The trial lawyers also argue that placing an additional time and money barrier between litigants and the courtroom violates guarantees of access to courts in the New Hampshire Constitution.
But lobbyist Rick Newman of Capitol Insights — and formerly a lobbyist for the Trial Lawyers Association — is not impressed with the lawyers’ arguments now.
“It seems to me every time you start talking about doing tort reform, the first thing the contingency lawyers do is start screaming ‘unconstitutional,’” said Newman whose current client roster includes The Property and Casualty Insurance Association of America. “The question before the Legislature isn’t whether it’s constitutional or not. Frankly, that’s a question for the court. The question is, is it good public policy?”
Concord attorney Martin Gross is happy to argue that it is, and also will point out that the system embodied in HB 1413 has been in practice in the state of Maine for more than 15 years and has been found constitutionally valid by that state’s Supreme Court. More to the point, he said, it has resulted in lower insurance costs.

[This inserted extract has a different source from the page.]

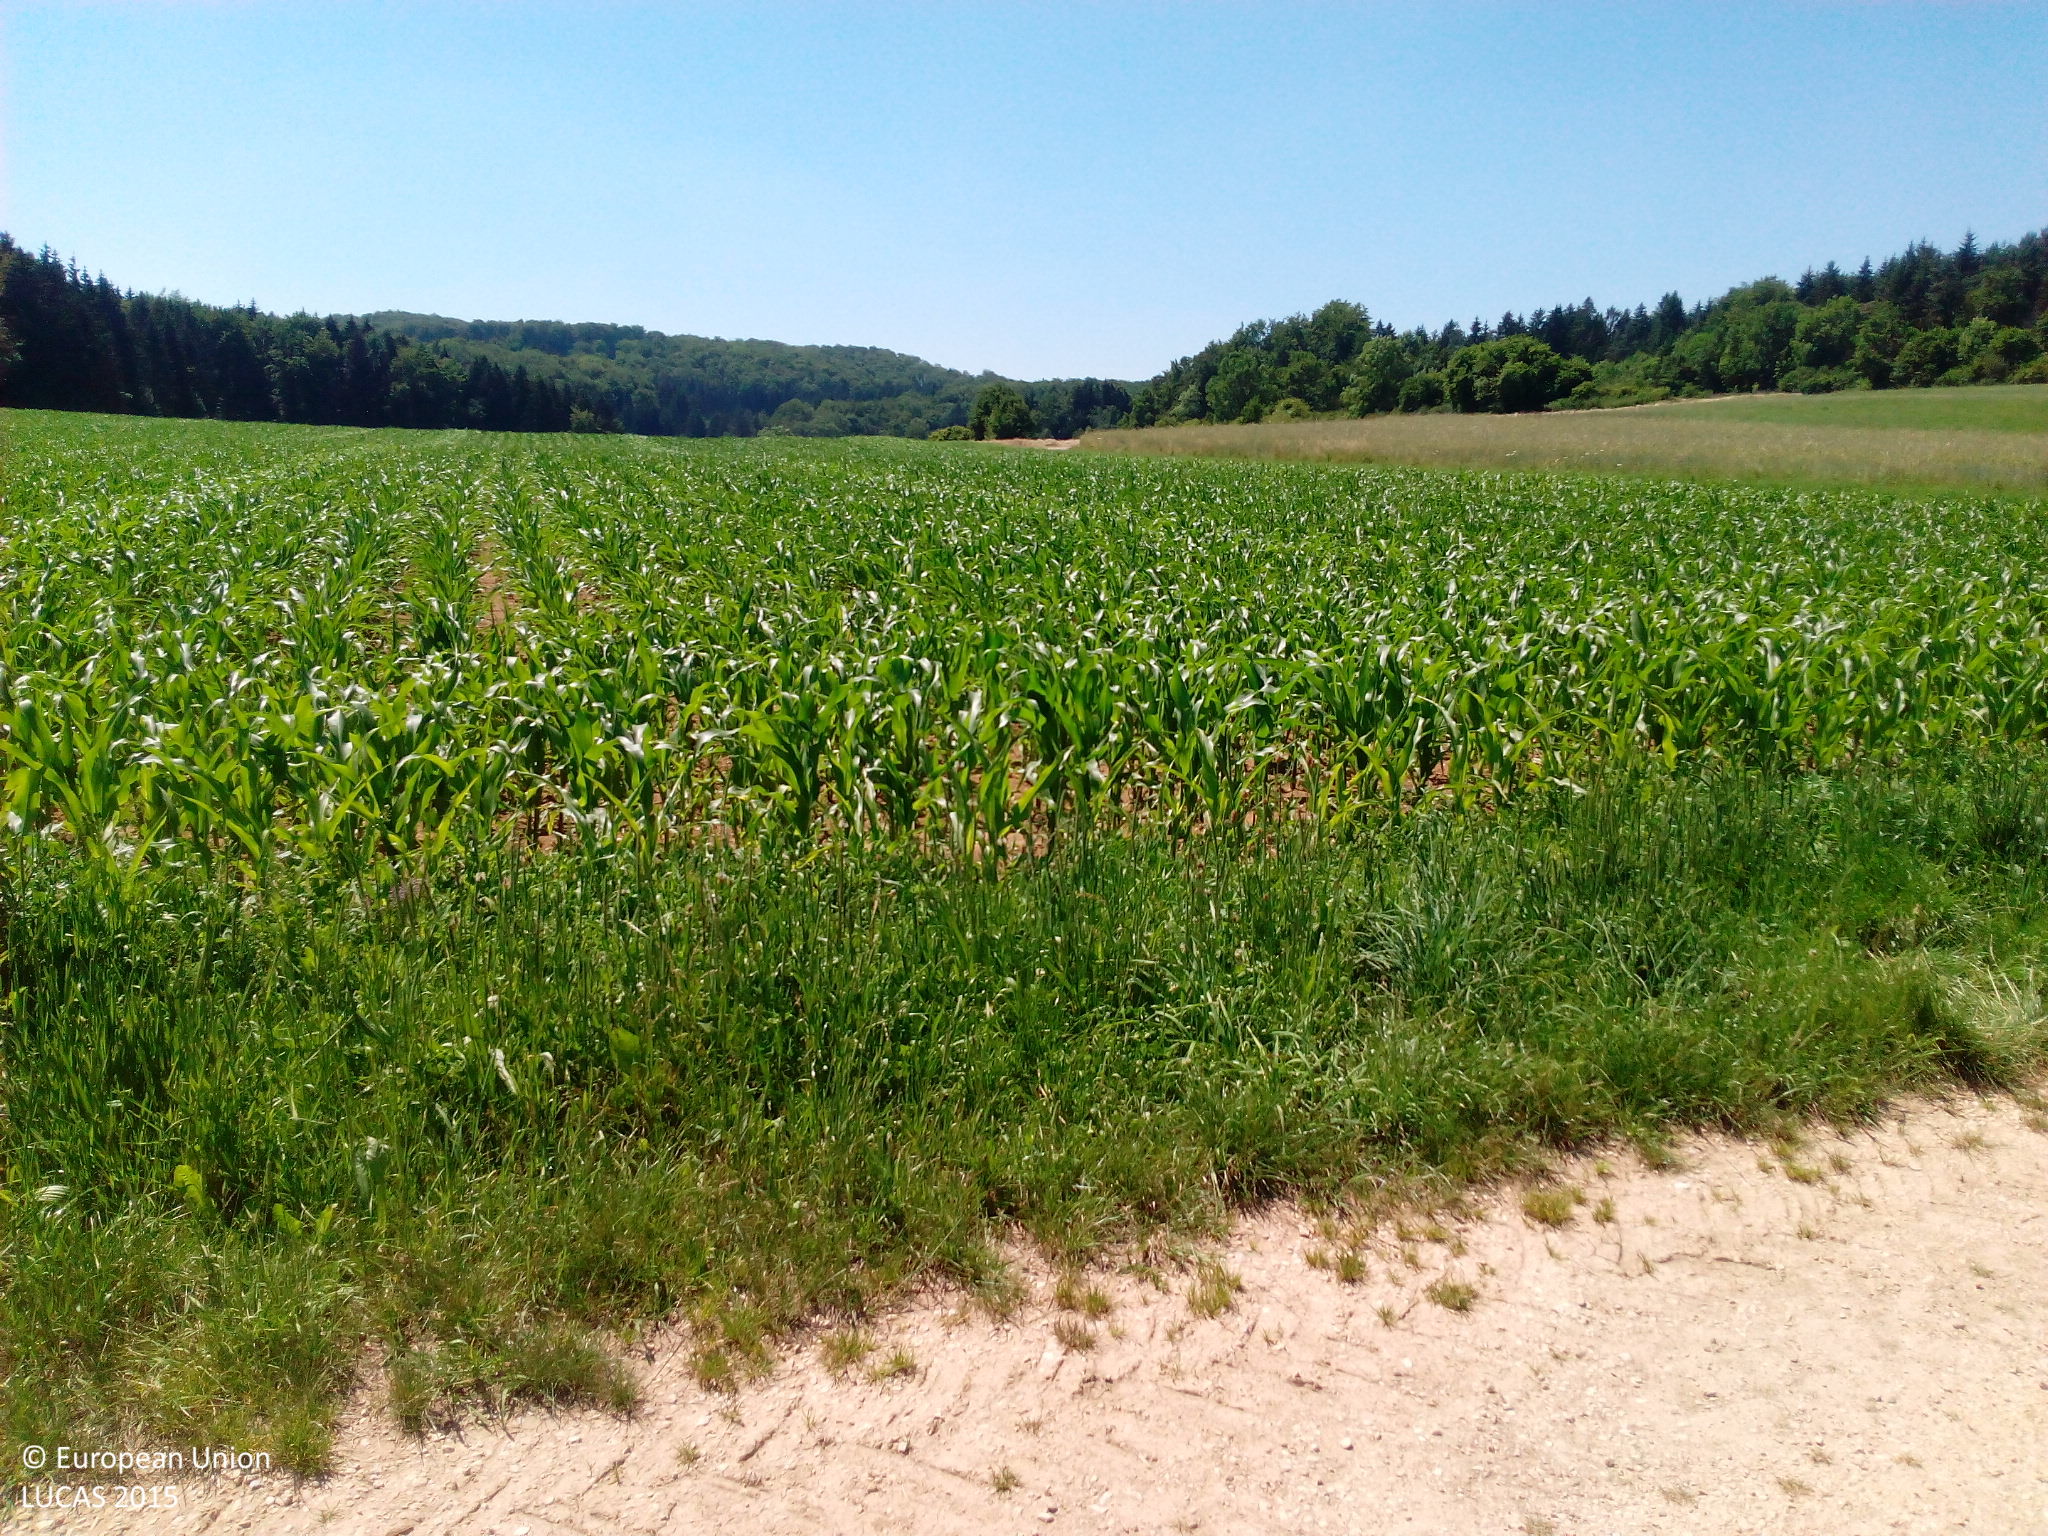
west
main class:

He cited rates provided by Medical Mutual Insurance Company of Maine, which provides nearly all of the medical malpractice insurance in that state and is also an insurer in New Hampshire. In 29 different categories, MMIC numbers showed significantly lower medical malpractice insurance rates in Maine than in New Hampshire. Gross, who represents the New Hampshire Medical Society, Dartmouth-Hitchcock Medical Center and other health-care providers in the state, credits the screening panels for the difference.
“They can say what they want,” he said of the trial lawyers. “The facts belie them. The process works. The poor cases go away faster, the good cases get paid faster.” The reason, he said, is that more cases get settled before going to court, once the facts have been brought out and contested before the screening panel. “The key to this system is that it does wrap up medical claims, quicker, cheaper and more effectively.”

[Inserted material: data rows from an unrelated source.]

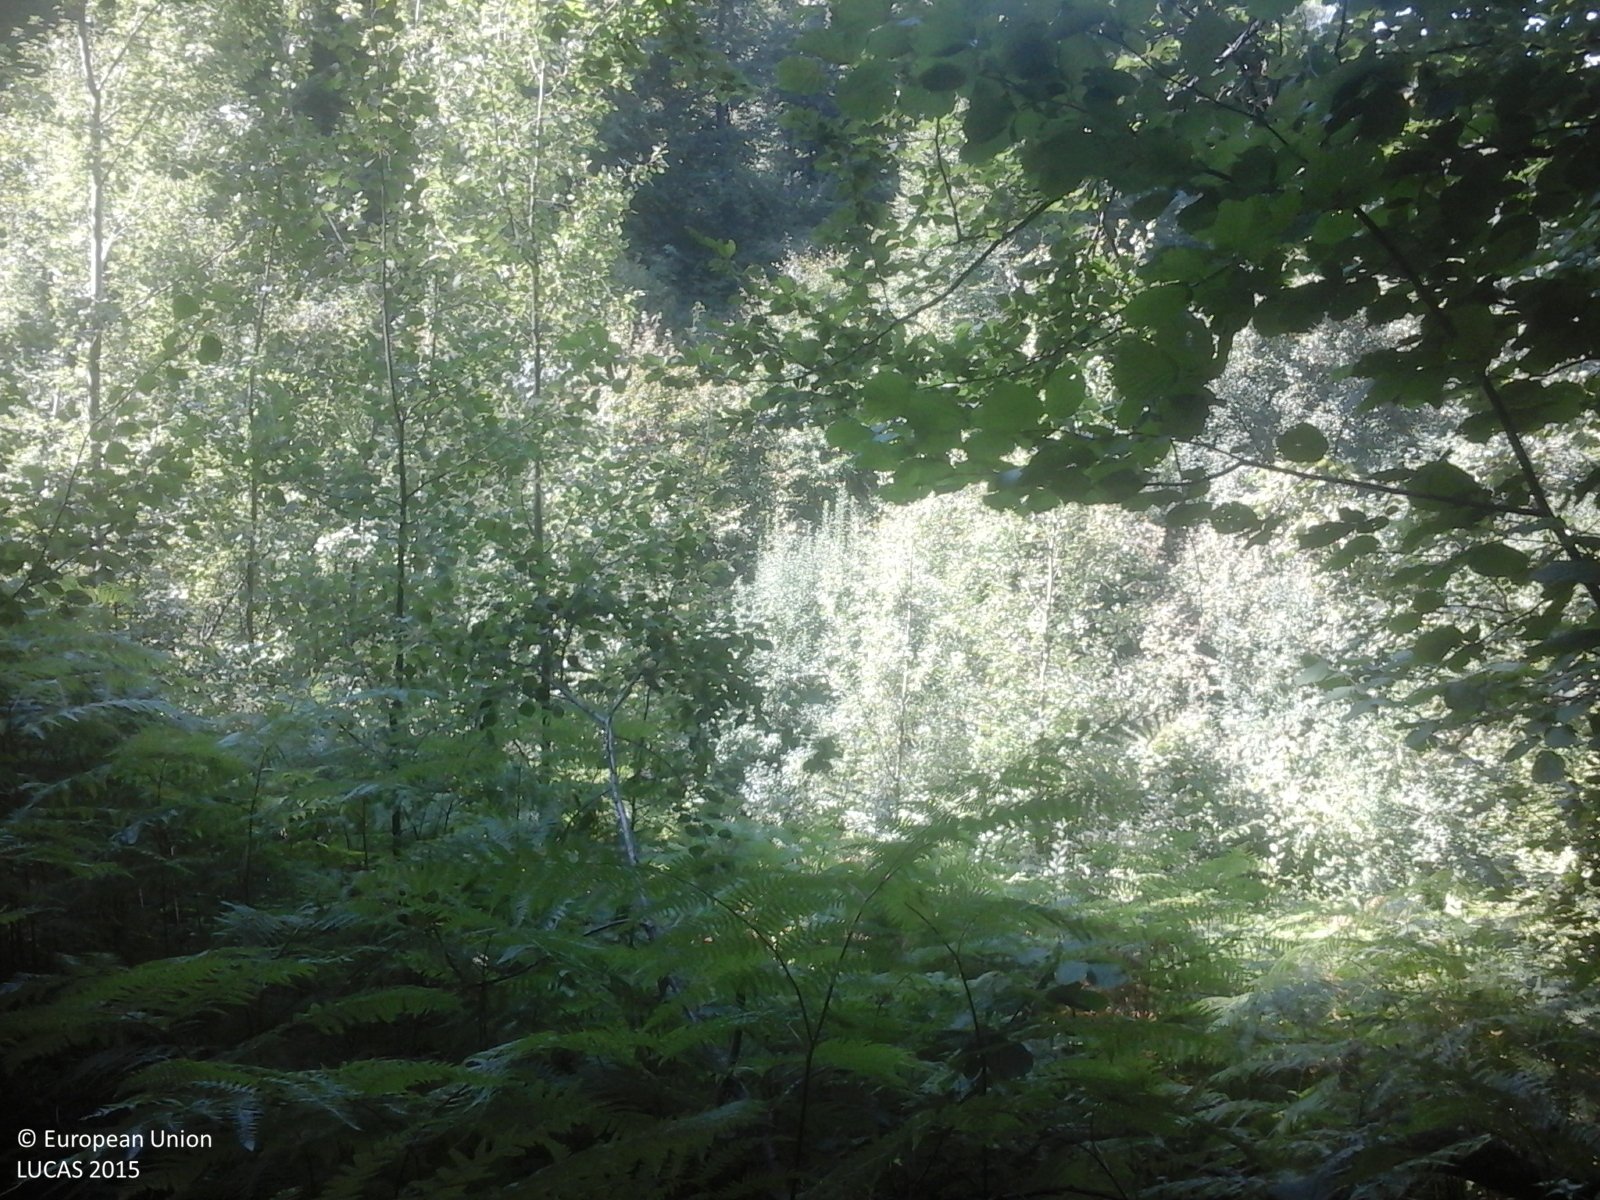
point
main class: Woodland
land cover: Broadleaved woodland
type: mesophytic deciduous forest
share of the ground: > 75 %
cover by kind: broadleaved forest trees 100 %
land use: Forestry
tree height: > 5 m
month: August
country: RO
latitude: 46.1471
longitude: 22.4648

Gross also disputes Dugan’s contention that hearing a case before a screening panel effectively doubles the length and cost of a trial. For one thing, he said, damages are not contested before the panel, only injury and liability. “That’s another little factoid that sends a torpedo into their engine room,” Gross said.
But, without conceding the argument on costs, the trial lawyers will continue to make the claim that needless and unconstitutional barriers are being erected to effectively block the access of many to redress in court.
“It will deny people their constitutional rights,” said Farrell. “It will deny people the opportunity to bring their cases forward.